(Data for review Opens)

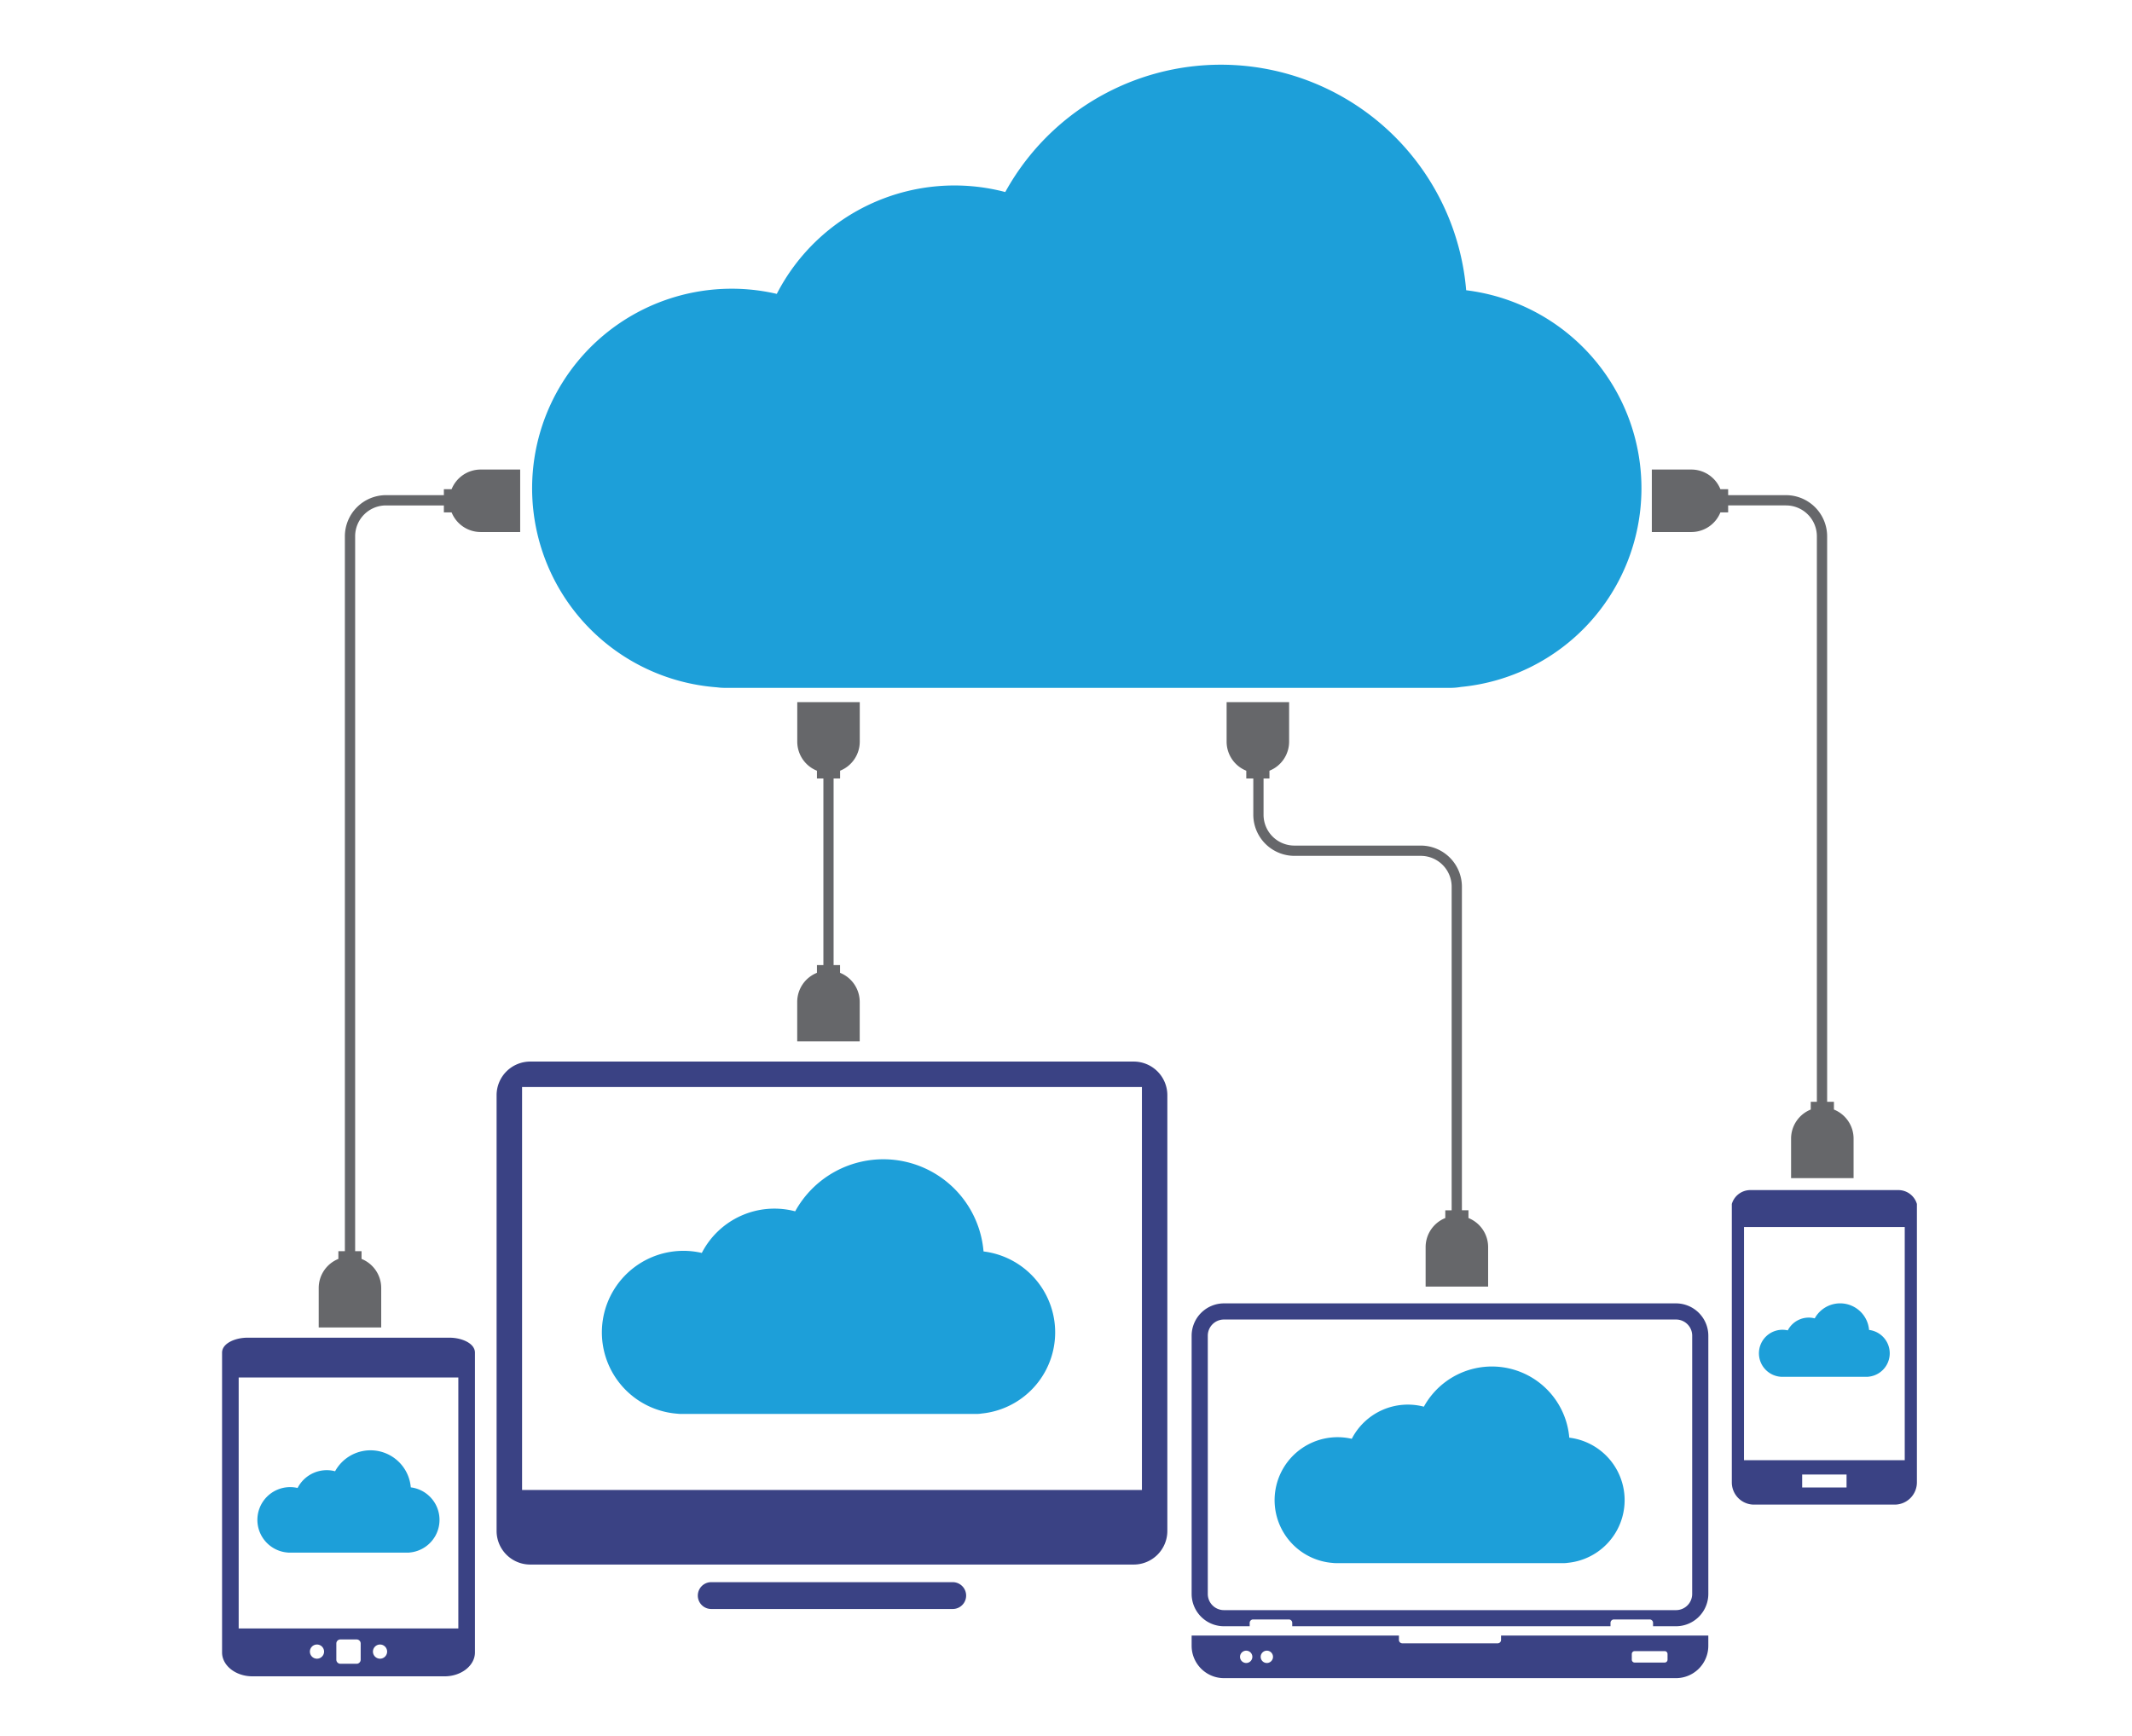 <svg xmlns="http://www.w3.org/2000/svg" xmlns:xlink="http://www.w3.org/1999/xlink" width="307" height="250" viewBox="0 0 307 250">
  <defs>
    <clipPath id="clip-path">
      <rect id="長方形_3332" data-name="長方形 3332" width="307" height="250" transform="translate(806 5426.5)" fill="#ffd9d9"/>
    </clipPath>
    <clipPath id="clip-path-2">
      <rect id="長方形_3323" data-name="長方形 3323" width="244.047" height="232.369" fill="none"/>
    </clipPath>
  </defs>
  <g id="svc_img02" transform="translate(-806 -5426.5)" clip-path="url(#clip-path)">
    <g id="グループ_4787" data-name="グループ 4787" transform="translate(837.977 5435.819)">
      <g id="グループ_4786" data-name="グループ 4786" clip-path="url(#clip-path-2)">
        <path id="パス_4797" data-name="パス 4797" d="M188.409,32.483A35.448,35.448,0,0,0,122.04,18.338a28.777,28.777,0,0,0-32.9,14.668,28.742,28.742,0,1,0-8.641,56.661,8.9,8.9,0,0,0,1.176.08H186.138a8.97,8.97,0,0,0,1.522-.132,28.739,28.739,0,0,0,.749-57.132" transform="translate(-9.262 0)" fill="#1d9fd9"/>
        <path id="パス_4798" data-name="パス 4798" d="M120.993,203.618a14.485,14.485,0,0,0-27.121-5.781,11.759,11.759,0,0,0-13.445,5.994A11.745,11.745,0,1,0,76.9,226.986a3.7,3.7,0,0,0,.481.032h42.688a3.666,3.666,0,0,0,.622-.054,11.744,11.744,0,0,0,.306-23.346" transform="translate(-11.345 -32.702)" fill="#1d9fd9"/>
        <path id="パス_4799" data-name="パス 4799" d="M225.434,236.629a11.184,11.184,0,0,0-20.94-4.463,9.079,9.079,0,0,0-10.381,4.628,9.068,9.068,0,1,0-2.726,17.877,2.885,2.885,0,0,0,.371.025h32.961a2.79,2.79,0,0,0,.48-.041,9.067,9.067,0,0,0,.236-18.026" transform="translate(-31.44 -38.893)" fill="#1d9fd9"/>
        <path id="パス_4800" data-name="パス 4800" d="M28.232,246.292a5.82,5.82,0,0,0-10.9-2.322,4.724,4.724,0,0,0-5.4,2.408,4.718,4.718,0,1,0-1.418,9.3,1.477,1.477,0,0,0,.193.013H27.858a1.46,1.46,0,0,0,.25-.022,4.718,4.718,0,0,0,.123-9.378" transform="translate(-1.057 -41.398)" fill="#1d9fd9"/>
        <path id="パス_4801" data-name="パス 4801" d="M283.07,219.229a4.179,4.179,0,0,0-7.825-1.668,3.4,3.4,0,0,0-3.88,1.729,3.389,3.389,0,1,0-1.019,6.681,1.1,1.1,0,0,0,.139.009H282.8a.986.986,0,0,0,.179-.016,3.388,3.388,0,0,0,.089-6.736" transform="translate(-45.908 -37.007)" fill="#1d9fd9"/>
        <path id="パス_4802" data-name="パス 4802" d="M274.811,162.574V161.46h-.978V80.006a5.935,5.935,0,0,0-5.917-5.917h-8.337v-.856h-1.114A4.516,4.516,0,0,0,254.29,70.4h-5.7v9h5.7a4.514,4.514,0,0,0,4.175-2.832h1.114v-1h8.337a4.443,4.443,0,0,1,4.438,4.437V161.46h-.881v1.114a4.516,4.516,0,0,0-2.832,4.176v5.7h9v-5.7a4.516,4.516,0,0,0-2.832-4.176" transform="translate(-42.709 -12.095)" fill="#66676a"/>
        <path id="パス_4803" data-name="パス 4803" d="M40.114,70.4a4.516,4.516,0,0,0-4.176,2.832H34.825v.856H26.488a5.935,5.935,0,0,0-5.917,5.917V182.973h-.936v1.114a4.515,4.515,0,0,0-2.832,4.175v5.7h9v-5.7a4.516,4.516,0,0,0-2.832-4.175v-1.114H22.05V80.006a4.443,4.443,0,0,1,4.438-4.438h8.337v1h1.114A4.515,4.515,0,0,0,40.114,79.4h5.7v-9Z" transform="translate(-2.887 -12.095)" fill="#66676a"/>
        <path id="パス_4804" data-name="パス 4804" d="M209.482,185.145v-1.114h-.943V137.424a5.934,5.934,0,0,0-5.917-5.917l-18.208,0a4.443,4.443,0,0,1-4.438-4.437v-5.23h.849v-1.114a4.515,4.515,0,0,0,2.832-4.176v-5.7h-9v5.7a4.518,4.518,0,0,0,2.832,4.177v1.113H178.5v5.23a5.934,5.934,0,0,0,5.917,5.917h18.208a4.444,4.444,0,0,1,4.437,4.438v46.608h-.916v1.114a4.515,4.515,0,0,0-2.832,4.176v5.7h9v-5.7a4.516,4.516,0,0,0-2.832-4.176" transform="translate(-30.006 -19.044)" fill="#66676a"/>
        <path id="パス_4805" data-name="パス 4805" d="M106.175,121.839v-1.114a4.516,4.516,0,0,0,2.832-4.176v-5.7h-9v5.7a4.516,4.516,0,0,0,2.832,4.176v1.114h.93v26.879h-.93v1.114A4.517,4.517,0,0,0,100,154.008v5.7h9v-5.7a4.516,4.516,0,0,0-2.832-4.176v-1.114h-.93V121.839Z" transform="translate(-17.181 -19.044)" fill="#66676a"/>
        <path id="パス_4806" data-name="パス 4806" d="M238.331,215.4H173.225a4.665,4.665,0,0,0-4.649,4.651v37.2a4.662,4.662,0,0,0,4.649,4.65h3.71v-.489a.491.491,0,0,1,.489-.491h5.147a.492.492,0,0,1,.491.491v.489h45.83v-.489a.492.492,0,0,1,.49-.491h5.147a.491.491,0,0,1,.489.491v.489h3.31a4.663,4.663,0,0,0,4.65-4.65v-37.2a4.666,4.666,0,0,0-4.65-4.651m2.325,41.852a2.329,2.329,0,0,1-2.325,2.328H173.225a2.329,2.329,0,0,1-2.323-2.328v-37.2a2.327,2.327,0,0,1,2.323-2.326h65.105a2.328,2.328,0,0,1,2.325,2.326Z" transform="translate(-28.962 -37.006)" fill="#3a4284"/>
        <path id="パス_4807" data-name="パス 4807" d="M213.13,273.163v.633a.49.49,0,0,1-.489.491H198.917a.491.491,0,0,1-.491-.491v-.633h-29.85v1.486a4.663,4.663,0,0,0,4.649,4.651h65.1a4.664,4.664,0,0,0,4.651-4.651v-1.486Zm-36.7,3.955a.887.887,0,1,1,.889-.887.887.887,0,0,1-.889.887m2.974,0a.887.887,0,1,1,.889-.887.887.887,0,0,1-.889.887m57.7-.474a.412.412,0,0,1-.412.41h-4.322a.412.412,0,0,1-.412-.41v-.825a.414.414,0,0,1,.412-.412h4.322a.414.414,0,0,1,.412.412Z" transform="translate(-28.962 -46.931)" fill="#3a4284"/>
        <path id="パス_4808" data-name="パス 4808" d="M32.772,221.371H3.641c-1.687,0-3.641.781-3.641,2.152V266.7c0,1.892,1.964,3.44,4.37,3.44H32.042c2.405,0,4.37-1.548,4.37-3.44V223.523c0-1.371-1.954-2.152-3.64-2.152M13.669,267.6a1.02,1.02,0,1,1,1.018-1.022,1.021,1.021,0,0,1-1.018,1.022m6.29.148a.585.585,0,0,1-.585.584H17.037a.586.586,0,0,1-.583-.584v-2.338a.586.586,0,0,1,.583-.584h2.338a.585.585,0,0,1,.585.584Zm2.788-.148a1.02,1.02,0,1,1,1.02-1.022,1.022,1.022,0,0,1-1.02,1.022m-20.355-40.5H34.021v36.147H2.392Z" transform="translate(0 -38.033)" fill="#3a4284"/>
        <path id="パス_4809" data-name="パス 4809" d="M286.479,195.7H265.161a2.784,2.784,0,0,0-2.665,2v40.1a3.2,3.2,0,0,0,3.2,3.2h20.252a3.207,3.207,0,0,0,3.2-3.2v-40.1a2.783,2.783,0,0,0-2.666-2m-7.465,42.831h-6.39v-1.865h6.39Zm-14.764-37.507h23.143V234.6H264.249Z" transform="translate(-45.098 -33.622)" fill="#3a4284"/>
        <path id="パス_4810" data-name="パス 4810" d="M139.488,173.353H52.56a4.845,4.845,0,0,0-4.828,4.831v62.779a4.843,4.843,0,0,0,4.828,4.829h86.928a4.843,4.843,0,0,0,4.829-4.829V178.184a4.845,4.845,0,0,0-4.829-4.831M51.4,177.019h89.257v58.033H51.4Z" transform="translate(-8.201 -29.783)" fill="#3a4284"/>
        <path id="パス_4811" data-name="パス 4811" d="M119.422,263.882H84.649a1.932,1.932,0,0,0,0,3.864h34.773a1.932,1.932,0,1,0,0-3.864" transform="translate(-14.211 -45.336)" fill="#3a4284"/>
      </g>
    </g>
  </g>
</svg>

(Data for review Closes)

--- Task statement ---
Scan the data above and copy every line with "clipPath" in it.

--- Task solution ---
    <clipPath id="clip-path">
    </clipPath>
    <clipPath id="clip-path-2">
    </clipPath>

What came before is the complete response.